Exercise details: Find and return every line of the data that contains the word "stop".

[[ Information supplied, beginning ]]

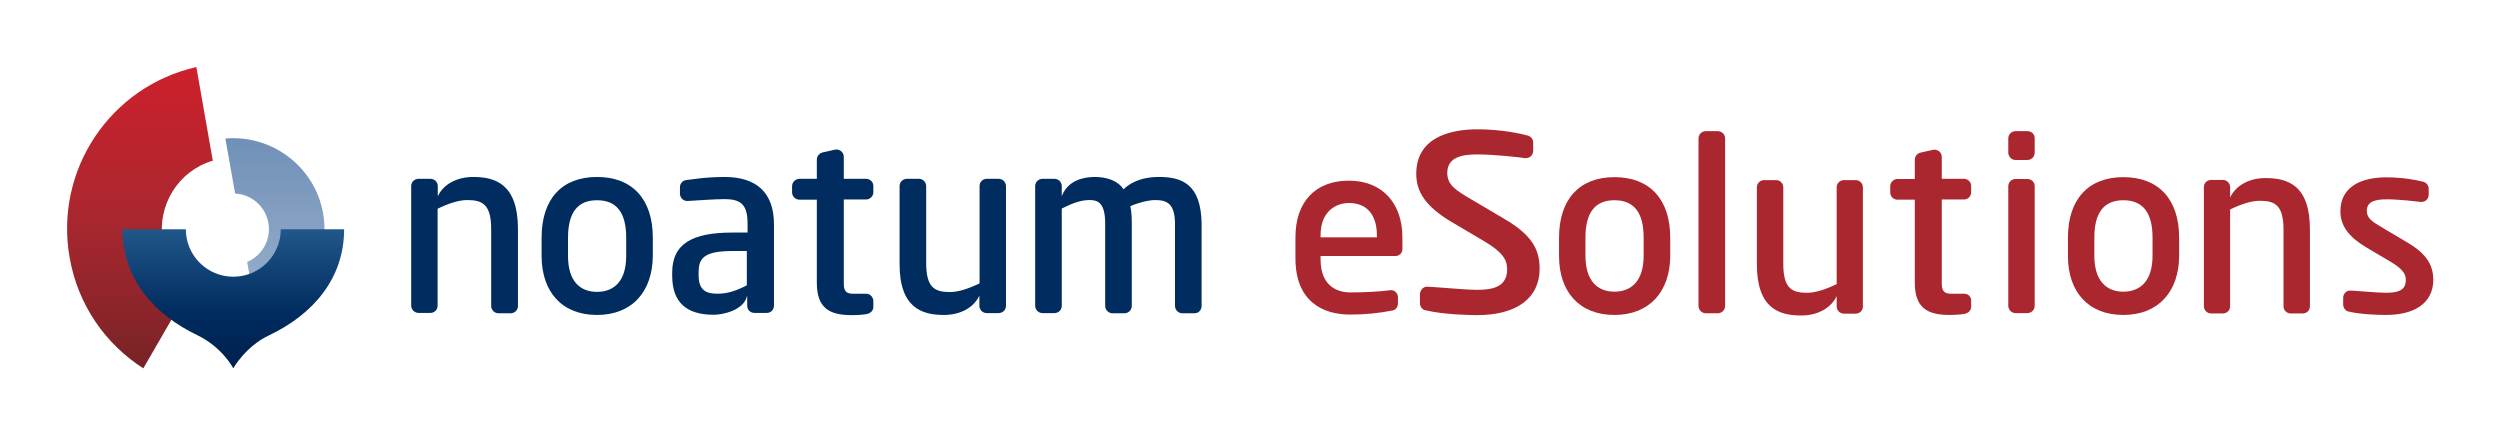 <?xml version="1.0" encoding="utf-8"?>
<!-- Generator: $$$/GeneralStr/196=Adobe Illustrator 27.6.0, SVG Export Plug-In . SVG Version: 6.00 Build 0)  -->
<svg version="1.1" id="Capa_1" xmlns="http://www.w3.org/2000/svg" xmlns:xlink="http://www.w3.org/1999/xlink" x="0px" y="0px"
	 viewBox="0 0 1353.4 235.7" enable-background="new 0 0 1353.4 235.7" xml:space="preserve">
<g>
	<g>
		<g>
			
				<linearGradient id="SVGID_1_" gradientUnits="userSpaceOnUse" x1="160.155" y1="-104.095" x2="176.98" y2="-199.513" gradientTransform="matrix(0.985 -0.174 0.174 0.985 9.174 302.026)">
				<stop  offset="0" style="stop-color:#9BB2CE"/>
				<stop  offset="1" style="stop-color:#7090B7"/>
			</linearGradient>
			<path fill="url(#SVGID_1_)" d="M122,75l5.3,29.8c8.8,0.4,16.4,6.9,18,15.9c1.6,9-3.4,17.7-11.5,21.1l5.3,29.8
				c24.4-6.5,40.3-30.8,35.8-56.2C170.4,90.2,147.2,72.8,122,75z"/>
		</g>
		<g>
			
				<linearGradient id="SVGID_00000033341392947727149490000015449429442806508220_" gradientUnits="userSpaceOnUse" x1="75.8" y1="199.419" x2="75.8" y2="36.329">
				<stop  offset="0" style="stop-color:#782327"/>
				<stop  offset="0.5" style="stop-color:#AA272F"/>
				<stop  offset="1" style="stop-color:#CD202C"/>
			</linearGradient>
			<path fill="url(#SVGID_00000033341392947727149490000015449429442806508220_)" d="M103.3,154.9c-7.7-5.7-13.3-14.2-15.1-24.3
				c-3.4-19.5,8.5-38.2,27-43.6l-8.9-50.7c-46.5,10.5-77,55.7-68.6,103.2c4.5,25.7,19.5,46.9,39.9,59.9L103.3,154.9z"/>
		</g>
		
			<linearGradient id="SVGID_00000080906152264779375740000005209251491120688803_" gradientUnits="userSpaceOnUse" x1="126.335" y1="199.419" x2="126.335" y2="124.105">
			<stop  offset="0" style="stop-color:#00204E"/>
			<stop  offset="0.4" style="stop-color:#002C5F"/>
			<stop  offset="1" style="stop-color:#21578A"/>
		</linearGradient>
		<path fill="url(#SVGID_00000080906152264779375740000005209251491120688803_)" d="M152,124.1c0,14.2-11.5,25.7-25.7,25.7
			s-25.7-11.5-25.7-25.7H66.3c0,26.8,17,46.1,40.6,57.4c13.5,6.5,19.4,17.9,19.4,17.9s6.5-11.8,19.4-17.9
			c23.6-11.2,40.6-30.6,40.6-57.4H152z"/>
	</g>
	<path fill="#002C5F" d="M323.2,170.5c-19.1,0-30-12.6-30-32v-9.9c0-20.9,11-32.8,30-32.8c19.1,0,30.2,12,30.2,32.8v9.9
		C353.3,157.7,342.3,170.5,323.2,170.5z M323.2,108.4c-10.6,0-15.7,6.8-15.7,20.3v9.9c0,13.5,6.4,19.4,15.7,19.4
		c9.3,0,15.8-5.9,15.8-19.4v-9.9C339,115.2,333.9,108.4,323.2,108.4L323.2,108.4z"/>
	<path fill="#002C5F" d="M468.8,159c-1.6,0-7.1,0-7.1,0c-2.4,0-4.9-0.5-4.9-5.1V108h12c2,0,4-1.6,4-4c0-1.5,0-2.1,0-3.3
		c0-2.2-1.8-3.9-4-3.9c-0.9,0-12,0-12,0s0-10.5,0-11.9c0-2.9-2.8-4.3-4.7-3.9c-1.7,0.4-6.7,1.5-6.7,1.5c-1.4,0.3-3.2,1.7-3.2,3.9
		v10.4h-9.4c-1.7,0-4,1.4-4,4c0,1.4,0,2,0,3.3c0,2.5,2.1,4,4,4l9.4,0v45c0,13.5,6.6,17.5,18.8,17.5c3.9,0,6.8-0.3,8.3-0.6
		c1.2-0.2,3.5-1.3,3.5-3.9v-3C472.8,161.3,471.5,159,468.8,159z"/>
	<path fill="#002C5F" d="M392.2,95.8c-10.4,0-18,1.4-20.8,1.7c-2,0.3-3.3,1.9-3.3,3.9c0,1.2,0,2.3,0,3.6c0,1.4,1.3,4,4.3,3.8
		c6.8-0.4,14.8-1,19.8-1c9.4,0,12.5,3.4,12.5,13.4v4.7h-8.2c-21.4,0-32.6,5.8-32.6,21.7v1.6c0,14.6,7.8,21.2,22.5,21.2
		c4.4,0,16.5-2.2,18.1-10.5c0,1.8,0,5.2,0,5.6c0,2.1,1.6,3.9,3.9,3.9c0.9,0,6.7,0,6.7,0c2.3,0,3.9-1.8,3.9-4v-44.2
		C418.9,104.8,410.1,95.8,392.2,95.8z M404.4,154.4c-6.1,3.2-10.8,4.6-15.9,4.6c-5.4,0-10.3-1.2-10.3-9.9v-1.6
		c0-7.3,2.4-11.6,18.2-11.6h7.9V154.4z"/>
	<path fill="#002C5F" d="M256.2,95.8c-9.3,0-16.4,4.3-19.2,10.5c0-2.1,0-5.7,0-5.7c-0.1-2.1-1.8-3.8-4-3.8h-6.4c-2,0-4,1.5-4,3.9
		v64.7c0,2.2,1.8,4,4,4h6.4c2,0,3.9-1.5,3.9-4V113c6.2-3,11.6-4.7,16.1-4.7c8.3,0,12.9,2.5,12.9,15.7l0,41.6c0,2.2,1.8,4,4,4h6.5
		c2,0,4-1.5,4-4V124C280.4,99.6,268.1,95.8,256.2,95.8z"/>
	<path fill="#002C5F" d="M511,170.5c9.3,0,16.4-4.3,19.2-10.5c0,2.1,0,5.7,0,5.7c0.1,2.1,1.8,3.8,4,3.8h6.4c2,0,4-1.5,4-4v-64.7
		c0-2.2-1.8-4-4-4h-6.4c-2,0-3.9,1.5-3.9,4v52.6c-6.2,3-11.6,4.7-16.1,4.7c-8.3,0-12.8-2.5-12.8-15.7l0-41.6c0-2.2-1.8-4-3.9-4h-6.5
		c-2,0-4,1.5-4,4v41.6C486.8,166.7,499.1,170.5,511,170.5z"/>
	<path fill="#002C5F" d="M627.5,95.8c-11.3,0-16.8,4.3-19.3,6.7c-2.8-4.5-8.7-6.7-15.5-6.7c-5.8,0-14.5,1.6-17.9,10.4
		c0-2.4,0-5.6,0-5.6c-0.1-2.1-1.8-3.8-4-3.8h-6.4c-2,0-4,1.5-4,4v64.7c0,2.2,1.8,4,4,4h6.4c2,0,4-1.5,4-4v-52.6
		c3.6-1.7,9-4.6,14.9-4.6c4,0,8.5,0.8,8.6,12.2v45.1c0,2.5,2.2,4,3.9,4h6.5c2.1,0,4-1.7,4-4v-45.1c0-3.4-0.2-6.2-0.8-8.9
		c3.8-1.7,9.8-3.3,13.4-3.3c6.5,0,10.8,1.9,10.8,13.1v44.2c0,2.1,1.7,4,4,4h6.5c2.5,0,3.9-2,3.9-4v-44.8
		C650.1,99.7,639.9,95.8,627.5,95.8z"/>
</g>
<g>
	<path fill="#AA272F" d="M1226.5,96.4c-9.3,0-16.3,4.3-19.2,10.5c0-2.1,0-5.7,0-5.7c-0.1-2.1-1.8-3.8-3.9-3.8h-6.4
		c-2,0-3.9,1.5-3.9,3.9v64.5c0,2.2,1.8,3.9,3.9,3.9h6.4c1.9,0,3.9-1.5,3.9-3.9v-52.4c6.2-3,11.6-4.7,16.1-4.7
		c8.3,0,12.8,2.5,12.8,15.7l0,41.4c0,2.2,1.8,3.9,3.9,3.9h6.5c2,0,3.9-1.5,3.9-3.9v-41.4C1250.6,100.1,1238.3,96.4,1226.5,96.4z"/>
	<path fill="#AA272F" d="M975.1,170.8c9.3,0,16.3-4.3,19.2-10.5c0,2.1,0,5.7,0,5.7c0.1,2.1,1.8,3.8,3.9,3.8h6.4c2,0,3.9-1.5,3.9-3.9
		v-64.5c0-2.2-1.8-3.9-3.9-3.9h-6.4c-1.9,0-3.9,1.5-3.9,3.9v52.4c-6.2,3-11.6,4.7-16.1,4.7c-8.3,0-12.8-2.5-12.8-15.7l0-41.4
		c0-2.2-1.8-3.9-3.9-3.9h-6.5c-1.9,0-3.9,1.5-3.9,3.9v41.4C951,167.1,963.3,170.8,975.1,170.8z"/>
	<path fill="#AA272F" d="M1303.3,131.3l-13.5-8c-6-3.5-8.5-5.3-8.5-9.2c0-4.4,3.4-6.2,10.7-6.2c7,0,17.5,1.3,18.3,1.4
		c2.2,0.3,4.5-1.2,4.5-4v-3.1c0-2.3-1.8-3.4-2.6-3.7c-3.6-1-11.5-2.5-20.2-2.5c-13.4,0-25,4.8-25,18.4c0,8.9,5.9,14.6,13.8,19.4
		l13.2,7.8c7.4,4.4,8.4,7.1,8.4,10c0,5.2-3.5,6.9-10.7,6.9c-4.7,0-17.3-1.2-19.4-1.2c-2.6,0-3.8,2.3-3.8,3.8c0,1.1,0,3.7,0,3.7
		c0,1.7,1.1,3.4,2.7,3.8c6.4,1.6,15.8,1.9,20.6,1.9c14.6,0,25.5-5.9,25.5-19.2C1317.1,143.7,1314.1,137.7,1303.3,131.3L1303.3,131.3
		z"/>
	<path fill="#AA272F" d="M1063.3,159c-1.7,0-7.1,0-7.1,0c-2.4,0-5-0.5-5-5.1V108h12c2,0,3.9-1.6,3.9-4c0-1.5,0-2.1,0-3.3
		c0-2.2-1.8-3.9-3.9-3.9c-0.9,0-12,0-12,0s0-10.5,0-11.8c0-2.9-2.7-4.3-4.7-3.9c-1.7,0.4-6.7,1.5-6.7,1.5c-1.5,0.3-3.2,1.7-3.2,3.9
		v10.4h-9.4c-1.7,0-3.9,1.4-3.9,4c0,1.4,0,2,0,3.3c0,2.5,2.1,3.9,3.9,3.9h9.4V153c0,13.5,6.6,17.5,18.7,17.5c3.9,0,6.8-0.3,8.3-0.6
		c1.2-0.2,3.5-1.3,3.5-3.9v-3C1067.3,161.3,1066,159,1063.3,159L1063.3,159z"/>
	<path fill="#AA272F" d="M1097.6,96.9h-6.5c-1.9,0-3.9,1.5-3.9,4v64.6c0,2.2,1.8,4,3.9,4h6.5c1.9,0,3.9-1.5,3.9-4v-64.6
		C1101.6,98.7,1099.8,96.9,1097.6,96.9L1097.6,96.9z"/>
	<path fill="#AA272F" d="M1097.6,71h-6.5c-1.9,0-3.9,1.5-3.9,4v7.6c0,2.2,1.8,4,3.9,4h6.5c1.9,0,3.9-1.5,3.9-4v-7.6
		C1101.6,72.7,1099.8,71,1097.6,71L1097.6,71z"/>
	<path fill="#AA272F" d="M1149.5,170.5c-19,0-30-12.5-30-31.9v-9.9c0-20.8,11-32.8,30-32.8c19.1,0,30.2,12,30.2,32.8v9.9
		C1179.6,157.7,1168.6,170.5,1149.5,170.5L1149.5,170.5L1149.5,170.5z M1149.5,108.4c-10.6,0-15.7,6.8-15.7,20.2v9.9
		c0,13.4,6.4,19.4,15.7,19.4c9.3,0,15.8-6,15.8-19.4v-9.9C1165.3,115.2,1160.1,108.4,1149.5,108.4L1149.5,108.4L1149.5,108.4z"/>
	<path fill="#AA272F" d="M874,170.5c-19,0-30-12.5-30-31.9v-9.9c0-20.8,11-32.8,30-32.8c19.1,0,30.2,12,30.2,32.8v9.9
		C904.1,157.7,893.1,170.5,874,170.5L874,170.5L874,170.5z M874,108.4c-10.6,0-15.7,6.8-15.7,20.2v9.9c0,13.4,6.4,19.4,15.7,19.4
		c9.3,0,15.8-6,15.8-19.4v-9.9C889.8,115.2,884.7,108.4,874,108.4L874,108.4L874,108.4z"/>
	<path fill="#AA272F" d="M929.9,71h-6.4c-2,0-4,1.5-4,4v90.6c0,2.2,1.8,4,4,4h6.4c1.9,0,4-1.5,4-4V74.9
		C933.9,72.7,932.1,71,929.9,71L929.9,71z"/>
	<path fill="#AA272F" d="M755.5,138.6h-40.6v1.8c0,15.1,9.8,17.9,16,17.9c7.3,0,16-0.4,21.8-1.2c2-0.3,4.1,1.5,4.1,3.9v3.2
		c0,1.4-0.7,3.5-3,3.9c-7.2,1.4-14.5,2.2-22.9,2.2c-14.6,0-29.6-6.9-29.6-30.5v-11.4c0-19.1,10.8-30.6,28.9-30.6
		c18.5,0,29,12.7,29,30.6v6.4C759.3,137,757.4,138.6,755.5,138.6z M745.4,127.4c0-9.5-4.1-17.5-15.2-17.5c-6.3,0-15.3,3.9-15.3,17.5
		v1.1h30.5V127.4z"/>
	<path fill="#AA272F" d="M814.9,118.8l-18.8-11.1c-8.3-4.9-12.6-7.7-12.6-14.1c0-8.9,8.7-10,16.3-10c9.7,0,24.1,1.7,25.6,2
		c0.2,0,0.4,0,0.6,0c2,0,4-1.4,4-4.1v-4.3c0-2.8-2.6-3.7-2.6-3.7c-4.4-1.3-15.3-3.5-27.5-3.5c-12.4,0-33.2,3.1-33.2,24.1
		c0,10.1,5.5,17.8,18.5,25.7l18.3,10.8c10.4,6.2,12.4,10.3,12.4,15.2c0,9.8-8.3,11.1-16.3,11.1c-3.9,0-11.8-0.6-18.1-1.1
		c-4.2-0.3-7.8-0.6-8.9-0.6c-2.9,0-3.8,2.8-3.9,3.8c0,1.4,0,5.1,0,5.1c0,1.8,1.2,3.5,2.7,3.8c10.2,2.5,25.3,2.7,28.2,2.7
		c21.5,0,33.9-9.2,33.9-25.2C833.4,135.9,830.2,127.8,814.9,118.8z"/>
</g>
</svg>

[[ Information supplied, end ]]

Task response:
				<stop  offset="0" style="stop-color:#9BB2CE"/>
				<stop  offset="1" style="stop-color:#7090B7"/>
				<stop  offset="0" style="stop-color:#782327"/>
				<stop  offset="0.5" style="stop-color:#AA272F"/>
				<stop  offset="1" style="stop-color:#CD202C"/>
			<stop  offset="0" style="stop-color:#00204E"/>
			<stop  offset="0.4" style="stop-color:#002C5F"/>
			<stop  offset="1" style="stop-color:#21578A"/>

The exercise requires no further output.